Seriously, I could take his head between my thighs and crack it like a Christmas walnut.

Whew. Sorry about that.

But in real life, like I said on Tuesday, I much prefer men more my own age, those who remember where they were when Kennedy was shot or when they heard Gomer Pyle’s singing voice for the first time.

Ping pong club owner? (Why do people write fiction when real life is so fascinating?)

Anyway, many of you left comments on my last post about wonderful long-term relationships that you’re in or know of. I was happy to see that. We all should be so lucky.

What else… Oh, last night I met with Joe Lowers, my comic friend who will be producing my one-woman show. We’re going to set up a couple of preview shows for the end of January (dates TBD, I’ll let you know) and then launch the show on a regular schedule starting Valentine’s Day weekend. Still don’t have a title finalized. So much to do.

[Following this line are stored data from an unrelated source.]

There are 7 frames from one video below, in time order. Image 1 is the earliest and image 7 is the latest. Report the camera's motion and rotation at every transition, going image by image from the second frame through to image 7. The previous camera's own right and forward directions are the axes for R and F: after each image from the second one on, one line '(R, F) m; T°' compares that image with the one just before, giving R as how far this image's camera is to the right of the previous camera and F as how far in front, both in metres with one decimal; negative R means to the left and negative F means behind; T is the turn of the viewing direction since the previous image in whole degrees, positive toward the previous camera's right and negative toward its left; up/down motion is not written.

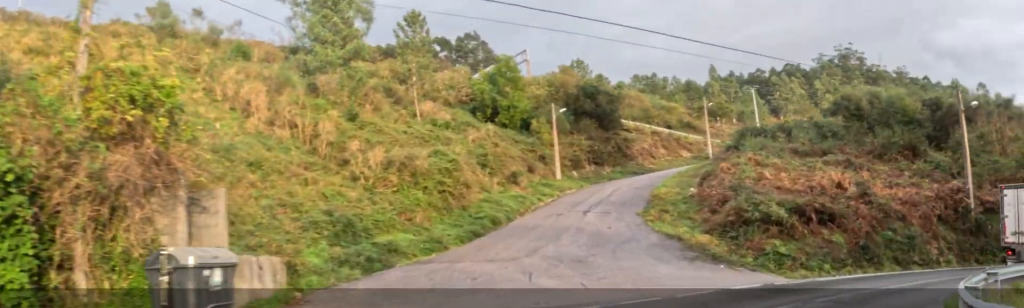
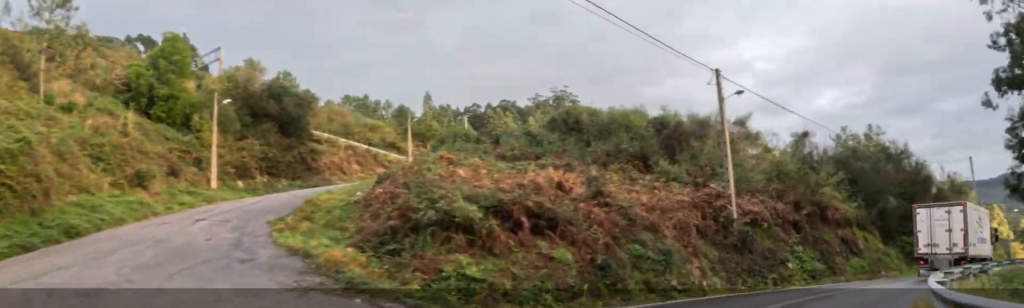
(+3.2, +8.5) m; +34°
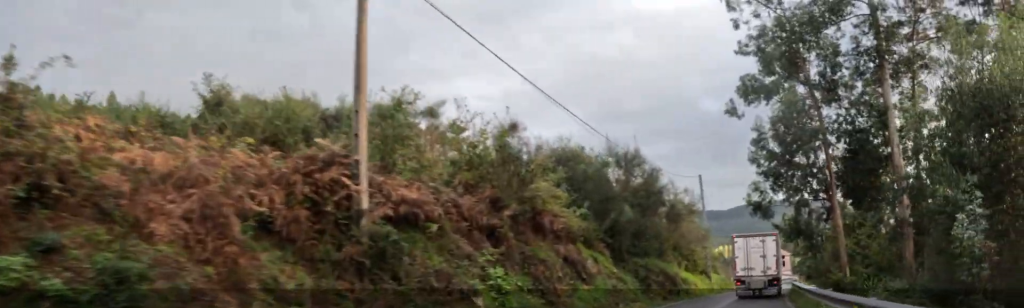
(+1.4, +10.9) m; +20°
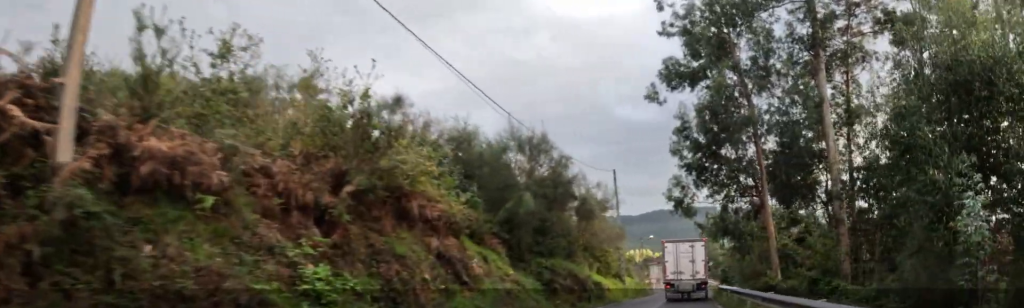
(+1.2, +4.3) m; +4°
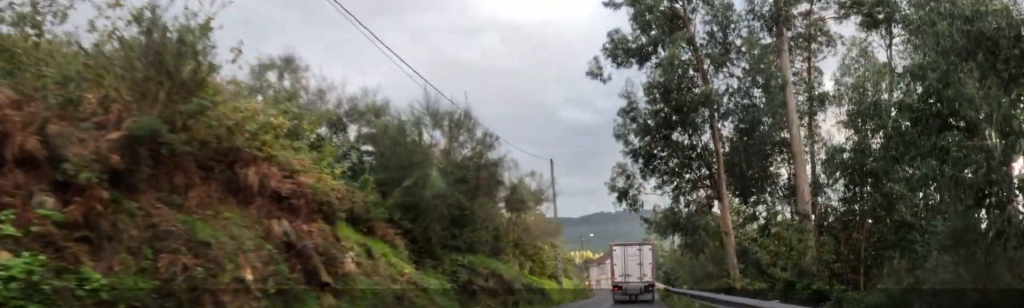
(+0.1, +4.2) m; +2°
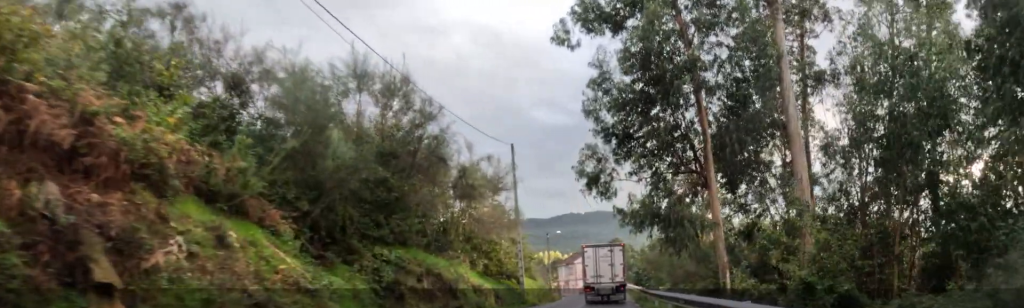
(-0.7, +4.3) m; 0°
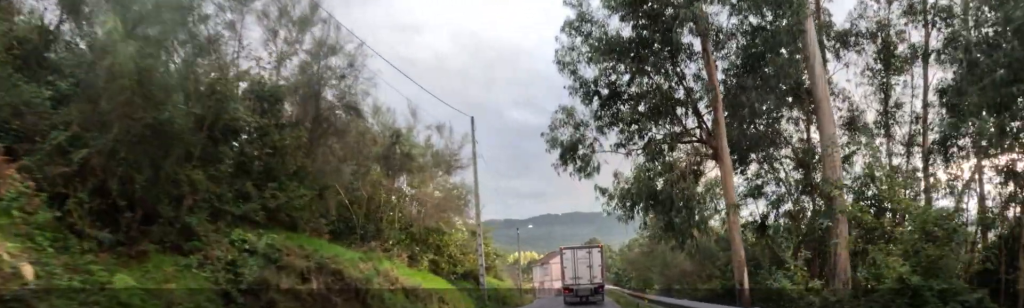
(+0.5, +5.7) m; +5°

Two things: 1) The thought of doing this show scares the crap out of me. I told you that before and I’m not kidding. I have a million insecurities going on and unfortunately for you, you’ll probably be hearing about them in the next few weeks. But at least you’ll know I practice what I preach about setting goals and getting out of your comfort zone.

And 2) I’ve been really busy and I’m all backed up on my blog reading. Don’t think I don’t love you. Really, you have no idea how much I do. I’ll catch up as soon as I can. (And Tara, I hope you're behaving yourself.) I still have 19 Guiding Light episodes on my DVR that I haven’t had a chance to watch, so you know I’m busy.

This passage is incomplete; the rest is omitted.